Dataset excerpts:
>>>>>

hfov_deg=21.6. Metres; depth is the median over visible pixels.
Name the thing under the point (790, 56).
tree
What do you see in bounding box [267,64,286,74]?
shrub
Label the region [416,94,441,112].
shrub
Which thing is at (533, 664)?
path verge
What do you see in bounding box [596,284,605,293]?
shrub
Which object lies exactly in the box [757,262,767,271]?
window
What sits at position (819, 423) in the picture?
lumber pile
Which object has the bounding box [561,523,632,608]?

<<<<<
>>>>>

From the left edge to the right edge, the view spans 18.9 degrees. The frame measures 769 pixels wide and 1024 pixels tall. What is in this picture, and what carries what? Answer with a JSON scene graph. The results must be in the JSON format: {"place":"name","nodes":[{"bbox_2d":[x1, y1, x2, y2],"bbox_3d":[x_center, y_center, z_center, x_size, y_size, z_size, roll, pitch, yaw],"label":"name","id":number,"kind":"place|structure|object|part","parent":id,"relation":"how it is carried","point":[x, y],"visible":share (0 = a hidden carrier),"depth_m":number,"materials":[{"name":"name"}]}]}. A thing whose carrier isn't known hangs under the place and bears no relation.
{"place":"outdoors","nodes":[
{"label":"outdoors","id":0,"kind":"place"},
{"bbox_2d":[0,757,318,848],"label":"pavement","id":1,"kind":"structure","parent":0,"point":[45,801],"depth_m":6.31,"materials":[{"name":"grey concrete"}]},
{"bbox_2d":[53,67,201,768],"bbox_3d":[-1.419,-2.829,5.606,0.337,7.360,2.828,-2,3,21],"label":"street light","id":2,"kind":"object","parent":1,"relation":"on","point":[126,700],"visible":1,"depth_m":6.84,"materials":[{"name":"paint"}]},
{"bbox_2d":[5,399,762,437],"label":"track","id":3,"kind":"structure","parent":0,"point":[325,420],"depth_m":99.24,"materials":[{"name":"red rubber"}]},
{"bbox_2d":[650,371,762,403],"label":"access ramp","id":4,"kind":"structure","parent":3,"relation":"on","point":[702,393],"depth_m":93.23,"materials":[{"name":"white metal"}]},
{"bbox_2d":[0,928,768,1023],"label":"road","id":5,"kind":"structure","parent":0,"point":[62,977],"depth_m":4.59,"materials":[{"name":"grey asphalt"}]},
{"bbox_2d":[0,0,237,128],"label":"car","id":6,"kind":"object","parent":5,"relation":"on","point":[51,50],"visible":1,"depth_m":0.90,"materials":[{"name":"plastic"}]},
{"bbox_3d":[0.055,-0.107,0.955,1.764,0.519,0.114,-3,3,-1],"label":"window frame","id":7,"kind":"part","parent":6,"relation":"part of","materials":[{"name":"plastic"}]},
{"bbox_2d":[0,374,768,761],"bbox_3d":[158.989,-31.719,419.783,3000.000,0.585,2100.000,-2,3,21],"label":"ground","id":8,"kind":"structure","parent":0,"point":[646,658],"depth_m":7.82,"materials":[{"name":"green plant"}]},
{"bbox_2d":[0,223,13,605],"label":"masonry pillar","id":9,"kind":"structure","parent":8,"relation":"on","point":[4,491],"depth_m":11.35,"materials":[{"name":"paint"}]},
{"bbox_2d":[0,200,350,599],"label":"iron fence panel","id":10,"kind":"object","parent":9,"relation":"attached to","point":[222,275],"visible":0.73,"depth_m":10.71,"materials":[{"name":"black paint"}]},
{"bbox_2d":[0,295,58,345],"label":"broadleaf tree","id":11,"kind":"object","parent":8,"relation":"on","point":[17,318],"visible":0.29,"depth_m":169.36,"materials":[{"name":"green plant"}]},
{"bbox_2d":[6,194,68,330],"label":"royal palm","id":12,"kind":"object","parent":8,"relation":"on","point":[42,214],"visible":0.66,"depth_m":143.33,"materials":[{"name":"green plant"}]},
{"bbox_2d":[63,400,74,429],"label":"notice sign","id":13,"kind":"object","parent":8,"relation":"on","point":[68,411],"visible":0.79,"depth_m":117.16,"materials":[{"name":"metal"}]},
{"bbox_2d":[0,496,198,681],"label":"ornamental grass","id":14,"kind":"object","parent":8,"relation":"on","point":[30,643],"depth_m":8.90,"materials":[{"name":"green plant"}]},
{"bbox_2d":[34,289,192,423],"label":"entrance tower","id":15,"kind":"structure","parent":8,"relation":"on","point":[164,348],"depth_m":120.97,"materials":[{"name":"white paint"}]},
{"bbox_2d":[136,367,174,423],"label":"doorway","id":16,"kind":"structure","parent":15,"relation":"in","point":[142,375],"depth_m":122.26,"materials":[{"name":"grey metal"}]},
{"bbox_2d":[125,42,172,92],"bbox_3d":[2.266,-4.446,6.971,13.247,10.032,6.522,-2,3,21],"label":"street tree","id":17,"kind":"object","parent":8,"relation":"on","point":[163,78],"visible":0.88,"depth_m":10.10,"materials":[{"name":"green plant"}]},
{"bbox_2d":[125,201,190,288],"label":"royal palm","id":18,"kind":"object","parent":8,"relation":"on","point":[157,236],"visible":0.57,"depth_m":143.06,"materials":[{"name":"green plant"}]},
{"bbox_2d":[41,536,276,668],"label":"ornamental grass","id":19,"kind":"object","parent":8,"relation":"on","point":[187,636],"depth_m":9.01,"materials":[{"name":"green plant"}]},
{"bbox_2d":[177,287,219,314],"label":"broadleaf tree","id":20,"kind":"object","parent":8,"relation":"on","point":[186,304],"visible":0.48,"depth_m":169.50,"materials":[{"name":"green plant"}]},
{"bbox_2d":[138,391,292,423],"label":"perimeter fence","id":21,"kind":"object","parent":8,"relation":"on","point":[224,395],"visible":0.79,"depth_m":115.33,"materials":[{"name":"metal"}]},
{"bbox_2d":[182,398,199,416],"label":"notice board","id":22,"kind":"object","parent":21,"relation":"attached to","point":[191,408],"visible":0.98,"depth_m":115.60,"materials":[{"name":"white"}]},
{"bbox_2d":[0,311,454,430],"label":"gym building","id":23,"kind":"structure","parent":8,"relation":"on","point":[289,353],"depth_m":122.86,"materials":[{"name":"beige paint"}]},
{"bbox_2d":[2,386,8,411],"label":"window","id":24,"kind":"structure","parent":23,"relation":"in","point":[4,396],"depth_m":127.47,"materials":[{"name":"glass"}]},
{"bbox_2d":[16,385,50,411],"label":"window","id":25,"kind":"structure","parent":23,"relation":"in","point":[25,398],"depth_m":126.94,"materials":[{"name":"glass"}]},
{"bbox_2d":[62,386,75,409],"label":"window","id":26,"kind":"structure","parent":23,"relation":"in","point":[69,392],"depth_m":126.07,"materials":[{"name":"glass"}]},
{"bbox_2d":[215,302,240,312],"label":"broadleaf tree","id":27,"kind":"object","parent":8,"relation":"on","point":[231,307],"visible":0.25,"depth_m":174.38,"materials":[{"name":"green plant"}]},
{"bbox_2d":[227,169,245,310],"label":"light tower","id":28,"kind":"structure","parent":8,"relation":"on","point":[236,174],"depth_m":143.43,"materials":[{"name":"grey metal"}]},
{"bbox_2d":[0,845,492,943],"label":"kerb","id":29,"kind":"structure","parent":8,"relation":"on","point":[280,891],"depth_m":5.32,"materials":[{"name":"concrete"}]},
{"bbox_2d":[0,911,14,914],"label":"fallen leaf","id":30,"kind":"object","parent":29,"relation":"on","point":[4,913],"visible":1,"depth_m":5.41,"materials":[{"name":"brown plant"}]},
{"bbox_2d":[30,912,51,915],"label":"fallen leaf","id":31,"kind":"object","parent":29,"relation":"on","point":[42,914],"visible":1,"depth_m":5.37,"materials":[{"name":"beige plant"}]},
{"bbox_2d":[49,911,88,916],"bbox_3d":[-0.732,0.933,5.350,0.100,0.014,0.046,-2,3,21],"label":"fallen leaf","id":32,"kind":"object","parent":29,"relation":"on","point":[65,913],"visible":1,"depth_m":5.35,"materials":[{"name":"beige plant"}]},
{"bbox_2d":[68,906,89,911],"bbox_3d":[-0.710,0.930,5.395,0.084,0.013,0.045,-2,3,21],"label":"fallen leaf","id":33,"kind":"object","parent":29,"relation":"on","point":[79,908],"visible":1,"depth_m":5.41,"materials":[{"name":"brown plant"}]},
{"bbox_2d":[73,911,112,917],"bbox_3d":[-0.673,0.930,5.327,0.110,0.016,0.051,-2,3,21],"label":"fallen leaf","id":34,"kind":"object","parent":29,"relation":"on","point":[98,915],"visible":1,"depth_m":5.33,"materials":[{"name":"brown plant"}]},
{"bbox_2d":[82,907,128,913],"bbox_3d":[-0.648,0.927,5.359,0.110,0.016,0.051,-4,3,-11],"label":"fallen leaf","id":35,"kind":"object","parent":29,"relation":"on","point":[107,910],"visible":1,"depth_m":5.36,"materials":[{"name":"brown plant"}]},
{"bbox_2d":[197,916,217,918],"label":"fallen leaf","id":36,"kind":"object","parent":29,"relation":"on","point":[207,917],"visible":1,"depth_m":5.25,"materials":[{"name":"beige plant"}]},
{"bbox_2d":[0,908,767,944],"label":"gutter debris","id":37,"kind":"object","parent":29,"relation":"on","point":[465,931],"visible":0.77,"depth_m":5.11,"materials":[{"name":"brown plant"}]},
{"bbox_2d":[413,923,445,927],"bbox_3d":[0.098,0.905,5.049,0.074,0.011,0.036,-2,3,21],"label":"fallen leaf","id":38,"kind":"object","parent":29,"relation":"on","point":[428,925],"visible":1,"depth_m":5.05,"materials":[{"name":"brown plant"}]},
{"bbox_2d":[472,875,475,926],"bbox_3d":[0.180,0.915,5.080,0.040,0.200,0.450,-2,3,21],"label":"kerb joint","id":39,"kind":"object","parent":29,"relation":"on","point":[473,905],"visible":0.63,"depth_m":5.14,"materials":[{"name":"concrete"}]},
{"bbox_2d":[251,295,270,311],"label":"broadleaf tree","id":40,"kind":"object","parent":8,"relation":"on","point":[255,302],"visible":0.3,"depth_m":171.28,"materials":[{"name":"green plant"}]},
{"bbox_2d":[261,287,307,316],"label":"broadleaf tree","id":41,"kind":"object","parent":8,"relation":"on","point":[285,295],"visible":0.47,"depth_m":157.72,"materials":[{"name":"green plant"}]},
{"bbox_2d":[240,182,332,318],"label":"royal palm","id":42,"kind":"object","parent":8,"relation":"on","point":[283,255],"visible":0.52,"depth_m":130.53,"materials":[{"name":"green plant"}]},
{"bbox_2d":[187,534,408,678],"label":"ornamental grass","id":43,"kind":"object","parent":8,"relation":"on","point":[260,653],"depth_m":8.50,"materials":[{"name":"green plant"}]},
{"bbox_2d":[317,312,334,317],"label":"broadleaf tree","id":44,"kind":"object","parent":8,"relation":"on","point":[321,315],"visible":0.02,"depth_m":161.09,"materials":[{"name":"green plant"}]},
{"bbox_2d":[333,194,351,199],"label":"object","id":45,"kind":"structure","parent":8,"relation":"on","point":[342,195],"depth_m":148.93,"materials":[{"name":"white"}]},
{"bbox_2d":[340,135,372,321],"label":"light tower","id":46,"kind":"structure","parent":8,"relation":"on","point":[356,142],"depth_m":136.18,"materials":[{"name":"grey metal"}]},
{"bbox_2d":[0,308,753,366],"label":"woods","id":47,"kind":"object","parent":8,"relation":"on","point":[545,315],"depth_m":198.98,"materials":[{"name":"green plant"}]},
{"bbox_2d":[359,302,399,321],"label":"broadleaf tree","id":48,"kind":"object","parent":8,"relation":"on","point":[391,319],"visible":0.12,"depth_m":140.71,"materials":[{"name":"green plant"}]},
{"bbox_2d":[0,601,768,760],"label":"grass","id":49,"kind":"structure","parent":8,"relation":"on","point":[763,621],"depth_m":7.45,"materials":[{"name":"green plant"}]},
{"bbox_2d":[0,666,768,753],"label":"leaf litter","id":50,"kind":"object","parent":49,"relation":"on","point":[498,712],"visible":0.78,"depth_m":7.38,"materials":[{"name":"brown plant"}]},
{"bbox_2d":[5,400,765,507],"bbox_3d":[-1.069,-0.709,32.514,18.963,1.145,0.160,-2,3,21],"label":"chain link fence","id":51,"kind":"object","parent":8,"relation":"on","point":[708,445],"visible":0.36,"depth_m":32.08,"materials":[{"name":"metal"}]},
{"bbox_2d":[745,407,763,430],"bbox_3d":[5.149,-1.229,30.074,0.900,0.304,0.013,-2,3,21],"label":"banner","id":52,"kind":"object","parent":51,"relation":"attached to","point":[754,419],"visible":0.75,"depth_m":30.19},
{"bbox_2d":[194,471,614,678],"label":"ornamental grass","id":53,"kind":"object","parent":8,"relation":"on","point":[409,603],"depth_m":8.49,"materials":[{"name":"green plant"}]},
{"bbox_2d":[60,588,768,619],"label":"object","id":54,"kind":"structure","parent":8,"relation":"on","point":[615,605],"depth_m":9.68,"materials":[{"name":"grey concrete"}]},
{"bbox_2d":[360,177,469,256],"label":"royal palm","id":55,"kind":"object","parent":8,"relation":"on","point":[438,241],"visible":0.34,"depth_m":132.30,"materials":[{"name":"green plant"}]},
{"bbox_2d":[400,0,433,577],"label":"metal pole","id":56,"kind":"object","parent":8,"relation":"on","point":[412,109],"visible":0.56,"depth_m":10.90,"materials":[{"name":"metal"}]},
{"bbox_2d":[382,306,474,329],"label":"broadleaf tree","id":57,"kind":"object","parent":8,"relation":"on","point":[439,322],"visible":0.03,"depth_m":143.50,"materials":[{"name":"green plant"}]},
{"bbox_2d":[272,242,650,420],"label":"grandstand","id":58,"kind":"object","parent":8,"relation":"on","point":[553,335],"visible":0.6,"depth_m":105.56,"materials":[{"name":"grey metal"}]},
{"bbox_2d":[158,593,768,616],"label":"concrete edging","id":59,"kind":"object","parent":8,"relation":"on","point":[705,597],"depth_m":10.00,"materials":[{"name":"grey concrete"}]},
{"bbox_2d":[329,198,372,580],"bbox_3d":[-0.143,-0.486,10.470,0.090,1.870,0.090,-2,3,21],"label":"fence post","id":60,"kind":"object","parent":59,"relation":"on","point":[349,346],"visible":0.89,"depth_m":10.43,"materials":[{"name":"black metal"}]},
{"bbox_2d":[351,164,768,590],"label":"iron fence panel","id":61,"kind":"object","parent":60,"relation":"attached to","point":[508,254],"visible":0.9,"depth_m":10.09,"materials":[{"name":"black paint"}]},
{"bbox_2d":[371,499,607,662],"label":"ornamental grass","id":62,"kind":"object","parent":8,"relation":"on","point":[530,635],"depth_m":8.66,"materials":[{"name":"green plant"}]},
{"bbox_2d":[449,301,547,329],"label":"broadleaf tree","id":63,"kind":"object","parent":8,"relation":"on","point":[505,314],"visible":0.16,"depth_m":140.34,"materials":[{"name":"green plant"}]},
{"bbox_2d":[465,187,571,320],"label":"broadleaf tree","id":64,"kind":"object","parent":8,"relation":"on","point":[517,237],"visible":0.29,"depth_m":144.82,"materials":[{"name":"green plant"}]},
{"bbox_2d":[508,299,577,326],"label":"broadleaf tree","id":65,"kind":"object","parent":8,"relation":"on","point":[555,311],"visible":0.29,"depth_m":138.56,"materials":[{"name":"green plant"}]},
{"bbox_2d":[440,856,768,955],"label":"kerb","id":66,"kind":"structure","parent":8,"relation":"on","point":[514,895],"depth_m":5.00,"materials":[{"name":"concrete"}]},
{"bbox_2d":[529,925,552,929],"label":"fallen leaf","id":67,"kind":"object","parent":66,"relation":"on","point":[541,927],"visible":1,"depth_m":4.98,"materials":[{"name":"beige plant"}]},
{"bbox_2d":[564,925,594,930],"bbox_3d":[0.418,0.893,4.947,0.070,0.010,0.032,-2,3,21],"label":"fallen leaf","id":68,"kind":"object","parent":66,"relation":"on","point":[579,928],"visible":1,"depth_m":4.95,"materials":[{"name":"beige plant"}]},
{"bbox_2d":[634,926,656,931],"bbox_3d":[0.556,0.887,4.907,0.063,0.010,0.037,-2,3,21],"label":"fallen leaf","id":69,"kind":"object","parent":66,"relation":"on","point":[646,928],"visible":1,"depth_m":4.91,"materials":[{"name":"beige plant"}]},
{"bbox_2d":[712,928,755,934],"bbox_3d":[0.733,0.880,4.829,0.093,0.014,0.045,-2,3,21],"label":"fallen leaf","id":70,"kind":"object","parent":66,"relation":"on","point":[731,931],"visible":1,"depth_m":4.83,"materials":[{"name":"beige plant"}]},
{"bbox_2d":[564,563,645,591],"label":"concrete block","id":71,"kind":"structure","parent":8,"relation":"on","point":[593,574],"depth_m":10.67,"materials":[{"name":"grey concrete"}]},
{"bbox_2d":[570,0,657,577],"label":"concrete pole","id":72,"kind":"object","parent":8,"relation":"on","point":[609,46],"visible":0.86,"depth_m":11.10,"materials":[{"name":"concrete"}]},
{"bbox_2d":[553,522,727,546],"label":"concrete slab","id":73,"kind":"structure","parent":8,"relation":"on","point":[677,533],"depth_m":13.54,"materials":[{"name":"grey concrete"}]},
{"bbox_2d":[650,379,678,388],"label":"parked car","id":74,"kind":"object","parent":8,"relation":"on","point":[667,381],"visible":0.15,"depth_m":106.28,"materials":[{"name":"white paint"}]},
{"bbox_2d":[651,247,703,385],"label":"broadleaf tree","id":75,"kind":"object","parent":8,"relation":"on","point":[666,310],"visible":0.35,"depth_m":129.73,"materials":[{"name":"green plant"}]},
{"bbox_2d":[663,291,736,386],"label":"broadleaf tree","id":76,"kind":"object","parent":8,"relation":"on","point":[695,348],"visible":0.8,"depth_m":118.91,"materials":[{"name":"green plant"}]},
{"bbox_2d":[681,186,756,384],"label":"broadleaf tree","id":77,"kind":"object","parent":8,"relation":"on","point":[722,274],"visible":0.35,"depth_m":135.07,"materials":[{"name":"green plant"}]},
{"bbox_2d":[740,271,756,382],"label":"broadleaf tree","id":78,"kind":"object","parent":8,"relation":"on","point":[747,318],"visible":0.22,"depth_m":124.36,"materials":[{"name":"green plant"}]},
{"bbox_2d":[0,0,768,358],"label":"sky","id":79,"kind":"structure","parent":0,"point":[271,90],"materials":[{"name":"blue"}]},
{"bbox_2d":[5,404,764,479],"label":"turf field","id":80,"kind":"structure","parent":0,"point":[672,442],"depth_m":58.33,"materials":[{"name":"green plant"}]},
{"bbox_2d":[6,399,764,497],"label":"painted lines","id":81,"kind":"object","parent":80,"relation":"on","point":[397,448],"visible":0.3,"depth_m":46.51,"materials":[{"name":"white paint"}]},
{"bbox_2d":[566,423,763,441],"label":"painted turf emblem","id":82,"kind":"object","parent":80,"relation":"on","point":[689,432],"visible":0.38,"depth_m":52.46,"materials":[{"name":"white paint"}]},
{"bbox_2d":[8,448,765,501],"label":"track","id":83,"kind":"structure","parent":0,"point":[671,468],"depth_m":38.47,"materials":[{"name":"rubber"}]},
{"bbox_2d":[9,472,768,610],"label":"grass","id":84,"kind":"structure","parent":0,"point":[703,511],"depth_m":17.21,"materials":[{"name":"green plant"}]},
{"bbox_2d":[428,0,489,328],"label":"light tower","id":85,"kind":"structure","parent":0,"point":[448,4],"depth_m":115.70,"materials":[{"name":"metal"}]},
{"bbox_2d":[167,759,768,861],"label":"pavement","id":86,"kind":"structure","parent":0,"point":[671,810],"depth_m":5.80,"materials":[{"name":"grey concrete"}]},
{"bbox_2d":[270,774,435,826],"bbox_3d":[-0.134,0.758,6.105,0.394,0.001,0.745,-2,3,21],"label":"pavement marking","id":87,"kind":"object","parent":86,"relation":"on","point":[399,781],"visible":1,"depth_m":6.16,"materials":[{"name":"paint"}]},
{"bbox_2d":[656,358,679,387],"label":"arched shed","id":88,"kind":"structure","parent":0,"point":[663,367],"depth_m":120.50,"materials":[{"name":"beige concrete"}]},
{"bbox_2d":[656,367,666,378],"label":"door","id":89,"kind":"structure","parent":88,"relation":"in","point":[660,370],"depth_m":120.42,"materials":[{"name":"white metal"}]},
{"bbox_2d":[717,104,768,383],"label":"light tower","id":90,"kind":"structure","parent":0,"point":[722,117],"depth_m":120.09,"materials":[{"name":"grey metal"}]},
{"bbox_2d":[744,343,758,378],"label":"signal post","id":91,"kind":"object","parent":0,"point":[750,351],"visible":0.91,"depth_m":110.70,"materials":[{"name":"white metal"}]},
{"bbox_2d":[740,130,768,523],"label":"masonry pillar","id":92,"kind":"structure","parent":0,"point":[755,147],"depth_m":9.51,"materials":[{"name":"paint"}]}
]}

<<<<<

### Exercise goal
Scan the records above for the lines holding "hfov_deg=21.6. Metres; depth" and "Which object has". Transcribe those two and every line between them word for word, and no others.

### Response to the exercise
hfov_deg=21.6. Metres; depth is the median over visible pixels.
Name the thing under the point (790, 56).
tree
What do you see in bounding box [267,64,286,74]?
shrub
Label the region [416,94,441,112].
shrub
Which thing is at (533, 664)?
path verge
What do you see in bounding box [596,284,605,293]?
shrub
Which object lies exactly in the box [757,262,767,271]?
window
What sits at position (819, 423) in the picture?
lumber pile
Which object has the bounding box [561,523,632,608]?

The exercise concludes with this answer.